BEGIN Data for the task

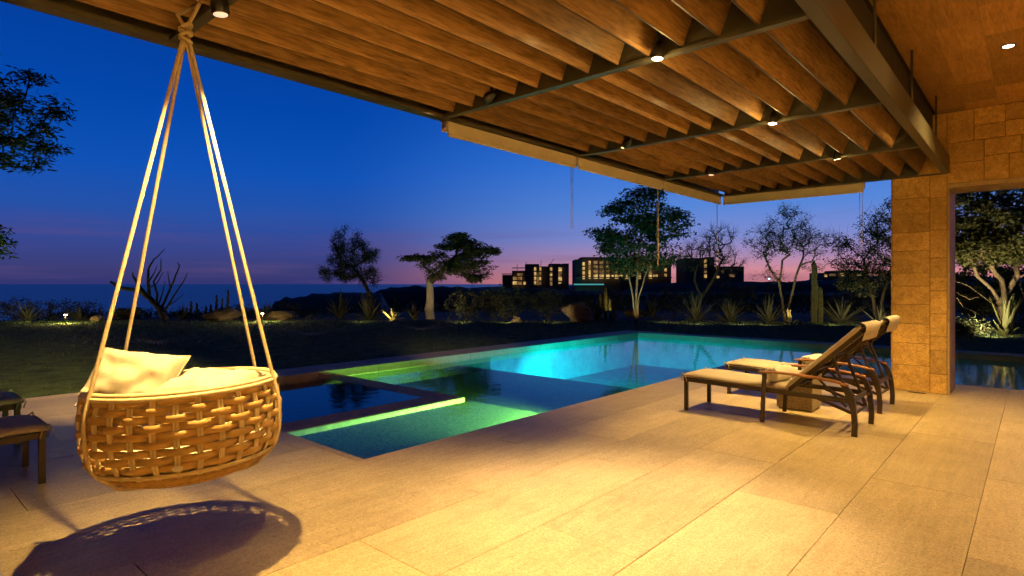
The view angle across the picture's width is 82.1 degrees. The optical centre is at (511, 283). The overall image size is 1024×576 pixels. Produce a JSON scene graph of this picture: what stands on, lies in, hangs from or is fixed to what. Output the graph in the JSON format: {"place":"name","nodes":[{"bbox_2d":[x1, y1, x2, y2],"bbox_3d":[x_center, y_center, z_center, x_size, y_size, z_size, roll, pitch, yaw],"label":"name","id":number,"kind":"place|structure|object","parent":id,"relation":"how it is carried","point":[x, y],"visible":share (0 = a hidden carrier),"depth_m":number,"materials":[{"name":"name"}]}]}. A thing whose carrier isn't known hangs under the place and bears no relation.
{"place":"outdoors","nodes":[
{"label":"outdoors","id":0,"kind":"place"},
{"bbox_2d":[0,284,571,320],"bbox_3d":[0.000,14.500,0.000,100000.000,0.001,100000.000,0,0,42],"label":"sea","id":1,"kind":"structure","parent":0,"point":[203,295],"depth_m":897.52,"materials":[{"name":"blue liquid"}]},
{"bbox_2d":[271,292,390,312],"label":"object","id":2,"kind":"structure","parent":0,"point":[317,301],"depth_m":71.75,"materials":[{"name":"plant"}]},
{"bbox_2d":[375,285,564,311],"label":"headland","id":3,"kind":"structure","parent":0,"point":[404,295],"depth_m":120.38,"materials":[{"name":"plant"}]},
{"bbox_2d":[0,365,1023,575],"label":"deck","id":4,"kind":"structure","parent":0,"point":[655,479],"depth_m":4.07,"materials":[{"name":"tile"}]},
{"bbox_2d":[0,389,26,445],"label":"sun lounger","id":5,"kind":"object","parent":4,"relation":"on","point":[11,400],"visible":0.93,"depth_m":5.46,"materials":[{"name":"brown wood"}]},
{"bbox_2d":[0,411,52,483],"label":"sun lounger","id":6,"kind":"object","parent":4,"relation":"on","point":[28,427],"visible":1,"depth_m":4.41,"materials":[{"name":"wood"}]},
{"bbox_2d":[262,358,632,412],"bbox_3d":[-0.910,2.196,9.028,5.170,1.347,6.830,0,0,42],"label":"pool shelf","id":7,"kind":"object","parent":4,"relation":"in","point":[478,380],"visible":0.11,"depth_m":10.91,"materials":[{"name":"tile"}]},
{"bbox_2d":[246,375,464,435],"bbox_3d":[-2.780,1.772,8.323,3.065,0.315,2.910,0,0,42],"label":"hot tub","id":8,"kind":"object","parent":7,"relation":"on","point":[340,401],"depth_m":8.76,"materials":[{"name":"liquid"}]},
{"bbox_2d":[298,401,538,458],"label":"shelf slope","id":9,"kind":"structure","parent":7,"relation":"on","point":[366,440],"depth_m":7.12,"materials":[{"name":"liquid"}]},
{"bbox_2d":[681,320,880,437],"bbox_3d":[2.963,0.940,6.633,1.950,1.123,0.782,0,0,43],"label":"sun lounger","id":10,"kind":"object","parent":4,"relation":"on","point":[833,354],"visible":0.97,"depth_m":6.30,"materials":[{"name":"fabric"}]},
{"bbox_2d":[765,365,793,381],"bbox_3d":[2.954,0.987,6.505,0.380,0.162,0.162,0,0,-40],"label":"towel","id":11,"kind":"object","parent":10,"relation":"on","point":[778,377],"visible":0.71,"depth_m":6.41,"materials":[{"name":"fabric"}]},
{"bbox_2d":[777,370,821,411],"bbox_3d":[3.478,1.285,7.120,0.410,0.430,0.410,0,0,42],"label":"side table","id":12,"kind":"object","parent":4,"relation":"on","point":[802,404],"visible":0.39,"depth_m":6.95,"materials":[{"name":"stone"}]},
{"bbox_2d":[724,315,899,413],"bbox_3d":[3.852,0.940,7.662,1.950,1.123,0.782,0,0,43],"label":"sun lounger","id":13,"kind":"object","parent":4,"relation":"on","point":[889,323],"visible":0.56,"depth_m":7.32,"materials":[{"name":"fabric"}]},
{"bbox_2d":[800,354,821,367],"bbox_3d":[3.844,0.987,7.534,0.380,0.162,0.162,0,0,-40],"label":"towel","id":14,"kind":"object","parent":13,"relation":"on","point":[814,356],"visible":0.41,"depth_m":7.43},
{"bbox_2d":[845,0,1023,394],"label":"house","id":15,"kind":"structure","parent":4,"relation":"on","point":[968,71],"depth_m":7.69,"materials":[{"name":"stone"}]},
{"bbox_2d":[0,0,949,196],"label":"pergola","id":16,"kind":"object","parent":15,"relation":"attached to","point":[590,80],"visible":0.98,"depth_m":4.38,"materials":[{"name":"wood"}]},
{"bbox_2d":[75,2,281,490],"bbox_3d":[-1.799,-0.328,3.237,0.989,2.806,0.991,0,0,42],"label":"hanging chair","id":17,"kind":"object","parent":16,"relation":"hanging from","point":[110,425],"visible":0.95,"depth_m":2.90,"materials":[{"name":"wicker"}]},
{"bbox_2d":[74,347,190,415],"bbox_3d":[-2.029,0.519,3.160,0.516,0.342,0.272,0,0,-1],"label":"pillow","id":18,"kind":"object","parent":17,"relation":"on","point":[123,372],"visible":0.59,"depth_m":3.10,"materials":[{"name":"beige fabric"}]},
{"bbox_2d":[89,421,272,476],"bbox_3d":[-1.790,0.890,3.240,0.898,0.158,0.898,0,0,42],"label":"seat cushion","id":19,"kind":"object","parent":17,"relation":"on","point":[181,447],"visible":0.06,"depth_m":2.96,"materials":[{"name":"beige fabric"}]},
{"bbox_2d":[152,367,265,401],"bbox_3d":[-1.653,0.549,3.220,0.447,0.169,0.402,0,0,0],"label":"pillow","id":20,"kind":"object","parent":17,"relation":"on","point":[194,378],"visible":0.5,"depth_m":3.15,"materials":[{"name":"beige fabric"}]},
{"bbox_2d":[210,0,229,17],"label":"spotlight","id":21,"kind":"object","parent":16,"relation":"attached to","point":[219,8],"visible":1,"depth_m":2.96,"materials":[{"name":"brown"}]},
{"bbox_2d":[481,87,495,104],"bbox_3d":[-0.191,-1.593,4.850,0.129,0.214,0.086,0,0,31],"label":"spotlight","id":22,"kind":"object","parent":16,"relation":"attached to","point":[488,97],"visible":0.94,"depth_m":4.82,"materials":[{"name":"brown"}]},
{"bbox_2d":[440,121,575,167],"bbox_3d":[0.046,-1.082,6.179,0.126,0.870,2.009,0,0,42],"label":"roller blind","id":23,"kind":"object","parent":16,"relation":"hanging from","point":[466,133],"visible":0.98,"depth_m":5.97,"materials":[{"name":"beige fabric"}]},
{"bbox_2d":[576,157,661,264],"bbox_3d":[1.433,-0.897,7.737,0.126,1.240,2.060,0,0,42],"label":"roller blind","id":24,"kind":"object","parent":16,"relation":"hanging from","point":[606,170],"visible":0.88,"depth_m":7.68,"materials":[{"name":"beige fabric"}]},
{"bbox_2d":[622,136,631,148],"bbox_3d":[1.266,-1.592,6.419,0.086,0.217,0.129,0,0,-18],"label":"spotlight","id":25,"kind":"object","parent":16,"relation":"attached to","point":[627,143],"visible":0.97,"depth_m":6.39,"materials":[{"name":"brown"}]},
{"bbox_2d":[651,30,664,60],"bbox_3d":[0.951,-1.583,3.838,0.088,0.234,0.087,0,0,42],"label":"spotlight","id":26,"kind":"object","parent":16,"relation":"attached to","point":[657,51],"visible":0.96,"depth_m":3.81,"materials":[{"name":"brown"}]},
{"bbox_2d":[662,181,720,268],"bbox_3d":[2.856,-0.880,9.333,0.126,1.275,2.096,0,0,42],"label":"roller blind","id":27,"kind":"object","parent":16,"relation":"hanging from","point":[685,191],"visible":0.94,"depth_m":9.21,"materials":[{"name":"beige fabric"}]},
{"bbox_2d":[708,166,714,175],"bbox_3d":[2.690,-1.583,7.935,0.086,0.235,0.090,0,0,42],"label":"spotlight","id":28,"kind":"object","parent":16,"relation":"attached to","point":[711,171],"visible":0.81,"depth_m":7.91,"materials":[{"name":"brown"}]},
{"bbox_2d":[767,107,777,124],"bbox_3d":[2.391,-1.583,5.392,0.087,0.234,0.089,0,0,42],"label":"spotlight","id":29,"kind":"object","parent":16,"relation":"attached to","point":[772,118],"visible":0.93,"depth_m":5.36,"materials":[{"name":"brown"}]},
{"bbox_2d":[723,182,864,250],"bbox_3d":[4.444,-1.007,9.422,2.100,1.020,0.126,0,0,42],"label":"roller blind","id":30,"kind":"object","parent":16,"relation":"hanging from","point":[859,188],"visible":0.99,"depth_m":9.24,"materials":[{"name":"beige fabric"}]},
{"bbox_2d":[832,150,840,159],"bbox_3d":[3.833,-1.581,6.940,0.090,0.237,0.095,0,0,42],"label":"spotlight","id":31,"kind":"object","parent":16,"relation":"attached to","point":[836,155],"visible":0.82,"depth_m":6.91,"materials":[{"name":"brown"}]},
{"bbox_2d":[1001,44,1015,48],"bbox_3d":[4.840,-2.318,5.733,0.120,0.008,0.120,0,0,42],"label":"downlight","id":32,"kind":"object","parent":15,"relation":"attached to","point":[1007,46],"visible":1,"depth_m":5.73,"materials":[{"name":"beige"}]},
{"bbox_2d":[0,319,1023,397],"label":"lawn","id":33,"kind":"structure","parent":0,"point":[77,377],"depth_m":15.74,"materials":[{"name":"plant"}]},
{"bbox_2d":[0,54,76,259],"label":"feathery tree","id":34,"kind":"object","parent":33,"relation":"on","point":[8,101],"visible":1,"depth_m":11.36,"materials":[{"name":"green plant"}]},
{"bbox_2d":[90,315,104,321],"bbox_3d":[-16.963,1.432,23.995,0.584,0.352,0.417,0,0,-10],"label":"boulder","id":35,"kind":"object","parent":33,"relation":"on","point":[95,318],"visible":0.73,"depth_m":23.88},
{"bbox_2d":[40,324,245,346],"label":"grass tufts","id":36,"kind":"object","parent":33,"relation":"on","point":[156,343],"visible":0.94,"depth_m":14.28,"materials":[{"name":"plant"}]},
{"bbox_2d":[110,249,187,321],"bbox_3d":[-14.497,0.044,23.494,3.153,2.937,0.297,0,0,0],"label":"dead tree","id":37,"kind":"object","parent":33,"relation":"on","point":[159,308],"visible":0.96,"depth_m":23.46,"materials":[{"name":"wood"}]},
{"bbox_2d":[225,316,391,337],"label":"grass tufts","id":38,"kind":"object","parent":33,"relation":"on","point":[309,335],"visible":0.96,"depth_m":16.58,"materials":[{"name":"plant"}]},
{"bbox_2d":[346,316,482,332],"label":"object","id":39,"kind":"object","parent":33,"relation":"on","point":[420,329],"visible":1,"depth_m":18.59,"materials":[{"name":"plant"}]},
{"bbox_2d":[511,316,522,321],"bbox_3d":[0.181,1.449,23.595,0.444,0.359,0.396,0,0,-37],"label":"boulder","id":40,"kind":"object","parent":33,"relation":"on","point":[516,318],"visible":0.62,"depth_m":23.47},
{"bbox_2d":[561,301,593,321],"bbox_3d":[2.632,1.189,23.592,1.336,0.983,0.914,0,0,7],"label":"boulder","id":41,"kind":"object","parent":33,"relation":"on","point":[580,311],"visible":0.78,"depth_m":23.30,"materials":[{"name":"stone"}]},
{"bbox_2d":[591,304,603,320],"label":"agave","id":42,"kind":"object","parent":33,"relation":"on","point":[596,315],"visible":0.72,"depth_m":24.39,"materials":[{"name":"green plant"}]},
{"bbox_2d":[599,287,615,320],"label":"cactus","id":43,"kind":"object","parent":33,"relation":"on","point":[613,312],"visible":0.93,"depth_m":24.02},
{"bbox_2d":[582,185,700,326],"bbox_3d":[4.480,-1.044,20.890,3.978,5.104,2.593,0,0,-11],"label":"leafy tree","id":44,"kind":"object","parent":33,"relation":"on","point":[644,223],"visible":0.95,"depth_m":20.52,"materials":[{"name":"green plant"}]},
{"bbox_2d":[679,291,721,320],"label":"agave","id":45,"kind":"object","parent":33,"relation":"on","point":[697,314],"visible":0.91,"depth_m":23.93,"materials":[{"name":"green plant"}]},
{"bbox_2d":[707,298,747,321],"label":"agave","id":46,"kind":"object","parent":33,"relation":"on","point":[729,315],"visible":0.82,"depth_m":23.43,"materials":[{"name":"green plant"}]},
{"bbox_2d":[751,291,787,322],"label":"agave","id":47,"kind":"object","parent":33,"relation":"on","point":[769,316],"visible":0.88,"depth_m":22.88,"materials":[{"name":"green plant"}]},
{"bbox_2d":[784,308,795,324],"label":"agave","id":48,"kind":"object","parent":33,"relation":"on","point":[789,319],"visible":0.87,"depth_m":21.47,"materials":[{"name":"green plant"}]},
{"bbox_2d":[739,201,843,321],"bbox_3d":[10.917,-0.981,22.998,4.102,4.931,2.135,0,0,-2],"label":"sparse tree","id":49,"kind":"object","parent":33,"relation":"on","point":[765,253],"visible":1,"depth_m":22.90,"materials":[{"name":"green plant"}]},
{"bbox_2d":[811,261,822,322],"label":"cactus","id":50,"kind":"object","parent":33,"relation":"on","point":[816,296],"visible":0.94,"depth_m":23.11,"materials":[{"name":"plant"}]},
{"bbox_2d":[810,298,871,322],"bbox_3d":[12.911,0.976,23.016,2.383,1.149,2.116,0,0,-15],"label":"agave","id":51,"kind":"object","parent":33,"relation":"on","point":[842,315],"visible":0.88,"depth_m":22.89,"materials":[{"name":"green plant"}]},
{"bbox_2d":[824,197,890,316],"bbox_3d":[13.733,-0.942,21.994,3.746,4.752,2.534,0,0,5],"label":"airy tree","id":52,"kind":"object","parent":33,"relation":"on","point":[865,272],"visible":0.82,"depth_m":21.90,"materials":[{"name":"green plant"}]},
{"bbox_2d":[859,280,890,315],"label":"shrub","id":53,"kind":"object","parent":33,"relation":"on","point":[876,297],"visible":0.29,"depth_m":24.13,"materials":[{"name":"green plant"}]},
{"bbox_2d":[861,303,890,320],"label":"agave","id":54,"kind":"object","parent":33,"relation":"on","point":[881,315],"visible":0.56,"depth_m":21.54,"materials":[{"name":"green plant"}]},
{"bbox_2d":[882,283,961,311],"bbox_3d":[16.736,0.546,24.017,2.798,2.038,2.509,0,0,27],"label":"shrub","id":55,"kind":"object","parent":33,"relation":"on","point":[955,296],"visible":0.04,"depth_m":23.71,"materials":[{"name":"green plant"}]},
{"bbox_2d":[955,314,993,335],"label":"shrub","id":56,"kind":"object","parent":33,"relation":"on","point":[961,326],"visible":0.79,"depth_m":17.27,"materials":[{"name":"green plant"}]},
{"bbox_2d":[955,259,1022,321],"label":"shrub","id":57,"kind":"object","parent":33,"relation":"on","point":[963,277],"visible":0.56,"depth_m":23.21,"materials":[{"name":"green plant"}]},
{"bbox_2d":[955,188,1023,327],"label":"crooked tree","id":58,"kind":"object","parent":33,"relation":"on","point":[1000,244],"visible":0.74,"depth_m":18.01,"materials":[{"name":"green plant"}]},
{"bbox_2d":[978,282,1023,325],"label":"shrub","id":59,"kind":"object","parent":33,"relation":"on","point":[1008,299],"visible":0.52,"depth_m":19.70,"materials":[{"name":"green plant"}]},
{"bbox_2d":[987,263,1023,318],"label":"shrub","id":60,"kind":"object","parent":33,"relation":"on","point":[998,284],"visible":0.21,"depth_m":23.01,"materials":[{"name":"green plant"}]},
{"bbox_2d":[988,291,1023,335],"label":"agave plant","id":61,"kind":"object","parent":33,"relation":"on","point":[1005,322],"visible":0.93,"depth_m":17.07,"materials":[{"name":"green plant"}]},
{"bbox_2d":[1,285,1022,322],"bbox_3d":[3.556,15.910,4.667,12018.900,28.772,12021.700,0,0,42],"label":"ground","id":62,"kind":"structure","parent":0,"point":[562,316],"depth_m":28.19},
{"bbox_2d":[0,296,47,321],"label":"shrub","id":63,"kind":"object","parent":62,"relation":"on","point":[6,313],"visible":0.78,"depth_m":24.31,"materials":[{"name":"green plant"}]},
{"bbox_2d":[3,301,48,320],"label":"agave","id":64,"kind":"object","parent":62,"relation":"on","point":[30,315],"visible":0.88,"depth_m":23.91,"materials":[{"name":"green plant"}]},
{"bbox_2d":[19,298,74,319],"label":"shrub","id":65,"kind":"object","parent":62,"relation":"on","point":[51,307],"visible":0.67,"depth_m":25.50,"materials":[{"name":"green plant"}]},
{"bbox_2d":[63,307,91,319],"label":"agave","id":66,"kind":"object","parent":62,"relation":"on","point":[80,314],"visible":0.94,"depth_m":24.89,"materials":[{"name":"green plant"}]},
{"bbox_2d":[60,300,107,319],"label":"shrub","id":67,"kind":"object","parent":62,"relation":"on","point":[85,309],"visible":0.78,"depth_m":25.89,"materials":[{"name":"green plant"}]},
{"bbox_2d":[107,308,140,318],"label":"agave","id":68,"kind":"object","parent":62,"relation":"on","point":[126,309],"visible":0.27,"depth_m":26.18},
{"bbox_2d":[113,305,152,318],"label":"shrub","id":69,"kind":"object","parent":62,"relation":"on","point":[137,314],"visible":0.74,"depth_m":25.84,"materials":[{"name":"green plant"}]},
{"bbox_2d":[174,304,196,319],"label":"agave","id":70,"kind":"object","parent":62,"relation":"on","point":[182,314],"visible":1,"depth_m":25.44,"materials":[{"name":"green plant"}]},
{"bbox_2d":[185,301,197,317],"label":"cactus","id":71,"kind":"object","parent":62,"relation":"on","point":[191,307],"visible":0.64,"depth_m":26.56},
{"bbox_2d":[204,290,229,313],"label":"cactus","id":72,"kind":"object","parent":62,"relation":"on","point":[216,304],"visible":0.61,"depth_m":26.48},
{"bbox_2d":[202,308,241,320],"bbox_3d":[-12.434,1.341,25.220,1.384,0.653,1.060,0,0,19],"label":"boulder","id":73,"kind":"object","parent":62,"relation":"on","point":[224,314],"visible":0.86,"depth_m":24.92,"materials":[{"name":"stone"}]},
{"bbox_2d":[229,304,255,317],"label":"shrub","id":74,"kind":"object","parent":62,"relation":"on","point":[246,308],"visible":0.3,"depth_m":26.94,"materials":[{"name":"green plant"}]},
{"bbox_2d":[259,300,274,315],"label":"agave","id":75,"kind":"object","parent":62,"relation":"on","point":[267,309],"visible":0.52,"depth_m":26.91,"materials":[{"name":"green plant"}]},
{"bbox_2d":[263,310,295,319],"bbox_3d":[-10.233,1.396,25.987,1.359,0.464,1.257,0,0,42],"label":"boulder","id":76,"kind":"object","parent":62,"relation":"on","point":[279,315],"visible":0.89,"depth_m":25.65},
{"bbox_2d":[259,300,312,315],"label":"shrub","id":77,"kind":"object","parent":62,"relation":"on","point":[293,308],"visible":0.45,"depth_m":27.96,"materials":[{"name":"green plant"}]},
{"bbox_2d":[326,289,350,318],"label":"agave","id":78,"kind":"object","parent":62,"relation":"on","point":[339,312],"visible":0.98,"depth_m":25.87,"materials":[{"name":"green plant"}]},
{"bbox_2d":[316,222,383,317],"bbox_3d":[-7.184,-0.624,26.067,2.999,4.331,2.175,0,0,-25],"label":"wispy tree","id":79,"kind":"object","parent":62,"relation":"on","point":[340,272],"visible":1,"depth_m":25.85,"materials":[{"name":"green plant"}]},
{"bbox_2d":[344,289,384,319],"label":"agave","id":80,"kind":"object","parent":62,"relation":"on","point":[366,307],"visible":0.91,"depth_m":24.82,"materials":[{"name":"green plant"}]},
{"bbox_2d":[381,309,404,320],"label":"agave","id":81,"kind":"object","parent":62,"relation":"on","point":[392,316],"visible":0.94,"depth_m":24.53,"materials":[{"name":"green plant"}]},
{"bbox_2d":[406,303,423,319],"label":"agave","id":82,"kind":"object","parent":62,"relation":"on","point":[413,314],"visible":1,"depth_m":24.96,"materials":[{"name":"green plant"}]},
{"bbox_2d":[395,232,503,318],"bbox_3d":[-2.779,-0.296,25.976,4.863,3.996,2.061,0,0,-2],"label":"flat topped tree","id":83,"kind":"object","parent":62,"relation":"on","point":[457,263],"visible":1,"depth_m":25.80,"materials":[{"name":"green plant"}]},
{"bbox_2d":[443,286,489,319],"bbox_3d":[-1.971,0.828,25.589,1.899,1.524,1.758,0,0,42],"label":"shrub","id":84,"kind":"object","parent":62,"relation":"on","point":[471,312],"visible":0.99,"depth_m":25.40,"materials":[{"name":"green plant"}]},
{"bbox_2d":[475,288,505,316],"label":"shrub","id":85,"kind":"object","parent":62,"relation":"on","point":[491,307],"visible":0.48,"depth_m":27.79,"materials":[{"name":"green plant"}]},
{"bbox_2d":[482,283,528,319],"bbox_3d":[-0.269,0.757,25.050,1.869,1.667,2.143,0,0,42],"label":"shrub","id":86,"kind":"object","parent":62,"relation":"on","point":[503,311],"visible":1,"depth_m":24.93,"materials":[{"name":"green plant"}]},
{"bbox_2d":[0,290,1021,320],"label":"scrub","id":87,"kind":"object","parent":62,"relation":"on","point":[584,296],"visible":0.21,"depth_m":39.50,"materials":[{"name":"green plant"}]},
{"bbox_2d":[509,284,546,308],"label":"shrub","id":88,"kind":"object","parent":62,"relation":"on","point":[532,293],"visible":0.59,"depth_m":35.88,"materials":[{"name":"green plant"}]},
{"bbox_2d":[502,259,568,289],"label":"hotel block","id":89,"kind":"structure","parent":62,"relation":"on","point":[555,276],"depth_m":300.00,"materials":[{"name":"brown"}]},
{"bbox_2d":[526,287,569,320],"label":"shrub","id":90,"kind":"object","parent":62,"relation":"on","point":[547,298],"visible":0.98,"depth_m":25.18,"materials":[{"name":"green plant"}]},
{"bbox_2d":[596,289,634,316],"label":"shrub","id":91,"kind":"object","parent":62,"relation":"on","point":[620,300],"visible":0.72,"depth_m":27.84,"materials":[{"name":"green plant"}]},
{"bbox_2d":[572,257,671,290],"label":"hotel block","id":92,"kind":"structure","parent":62,"relation":"on","point":[588,270],"depth_m":261.70,"materials":[{"name":"brown"}]},
{"bbox_2d":[622,308,648,316],"bbox_3d":[5.945,1.377,28.047,1.078,0.534,1.095,0,0,42],"label":"boulder","id":93,"kind":"object","parent":62,"relation":"on","point":[629,312],"visible":0.59,"depth_m":27.75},
{"bbox_2d":[274,330,1023,385],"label":"pool coping","id":94,"kind":"object","parent":62,"relation":"on","point":[310,373],"visible":0.78,"depth_m":12.88,"materials":[{"name":"stone"}]},
{"bbox_2d":[634,298,668,317],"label":"agave","id":95,"kind":"object","parent":62,"relation":"on","point":[652,309],"visible":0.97,"depth_m":26.38,"materials":[{"name":"green plant"}]},
{"bbox_2d":[648,285,698,317],"bbox_3d":[7.483,0.786,27.036,2.150,1.617,2.067,0,0,-14],"label":"shrub","id":96,"kind":"object","parent":62,"relation":"on","point":[670,303],"visible":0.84,"depth_m":26.97,"materials":[{"name":"green plant"}]},
{"bbox_2d":[671,219,749,306],"bbox_3d":[8.447,-0.643,25.035,3.308,4.228,2.205,0,0,-7],"label":"bare tree","id":97,"kind":"object","parent":62,"relation":"on","point":[712,263],"visible":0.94,"depth_m":24.93,"materials":[{"name":"green plant"}]},
{"bbox_2d":[686,277,745,315],"bbox_3d":[10.161,0.621,28.964,2.708,1.882,2.553,0,0,42],"label":"shrub","id":98,"kind":"object","parent":62,"relation":"on","point":[720,297],"visible":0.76,"depth_m":28.79,"materials":[{"name":"green plant"}]},
{"bbox_2d":[490,351,1023,389],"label":"pool","id":99,"kind":"structure","parent":62,"relation":"in","point":[633,370],"depth_m":15.43,"materials":[{"name":"liquid"}]},
{"bbox_2d":[731,282,789,316],"bbox_3d":[11.820,0.693,27.957,2.649,1.749,2.262,0,0,42],"label":"shrub","id":100,"kind":"object","parent":62,"relation":"on","point":[772,294],"visible":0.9,"depth_m":27.94,"materials":[{"name":"green plant"}]},
{"bbox_2d":[778,281,829,314],"bbox_3d":[14.856,0.664,30.061,2.470,1.793,2.010,0,0,6],"label":"shrub","id":101,"kind":"object","parent":62,"relation":"on","point":[802,300],"visible":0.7,"depth_m":30.08,"materials":[{"name":"green plant"}]},
{"bbox_2d":[808,295,840,318],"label":"agave","id":102,"kind":"object","parent":62,"relation":"on","point":[833,305],"visible":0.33,"depth_m":25.92,"materials":[{"name":"green plant"}]},
{"bbox_2d":[809,270,860,280],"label":"hotel block","id":103,"kind":"structure","parent":62,"relation":"on","point":[829,276],"depth_m":320.00,"materials":[{"name":"brown"}]},
{"bbox_2d":[823,287,877,314],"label":"shrub","id":104,"kind":"object","parent":62,"relation":"on","point":[857,302],"visible":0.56,"depth_m":26.68,"materials":[{"name":"green plant"}]},
{"bbox_2d":[0,1,1023,283],"label":"sky","id":105,"kind":"structure","parent":0,"point":[301,163],"materials":[{"name":"blue"}]},
{"bbox_2d":[574,284,603,284],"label":"lit pool","id":106,"kind":"structure","parent":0,"point":[588,284],"depth_m":250.00,"materials":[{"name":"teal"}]},
{"bbox_2d":[533,337,1023,371],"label":"wall","id":107,"kind":"structure","parent":0,"point":[647,344],"depth_m":14.54,"materials":[{"name":"tile"}]},
{"bbox_2d":[619,279,987,291],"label":"hillside","id":108,"kind":"structure","parent":0,"point":[681,287],"depth_m":215.92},
{"bbox_2d":[676,257,743,282],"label":"hotel block","id":109,"kind":"structure","parent":108,"relation":"on","point":[705,276],"depth_m":240.00,"materials":[{"name":"brown"}]},
{"bbox_2d":[806,275,1023,285],"bbox_3d":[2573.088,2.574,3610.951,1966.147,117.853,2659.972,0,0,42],"label":"mountain","id":110,"kind":"structure","parent":0,"point":[991,279],"depth_m":3303.99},
{"bbox_2d":[962,411,1003,573],"bbox_3d":[1.663,1.655,2.528,18.880,0.290,15.988,0,0,42],"label":"joint","id":111,"kind":"object","parent":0,"point":[981,498],"visible":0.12,"depth_m":4.03,"materials":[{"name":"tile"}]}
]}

END Data for the task

— Exercise description —
For the string "grass", return every line of the data where it appears.

— Written solution —
{"bbox_2d":[40,324,245,346],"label":"grass tufts","id":36,"kind":"object","parent":33,"relation":"on","point":[156,343],"visible":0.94,"depth_m":14.28,"materials":[{"name":"plant"}]},
{"bbox_2d":[225,316,391,337],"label":"grass tufts","id":38,"kind":"object","parent":33,"relation":"on","point":[309,335],"visible":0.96,"depth_m":16.58,"materials":[{"name":"plant"}]},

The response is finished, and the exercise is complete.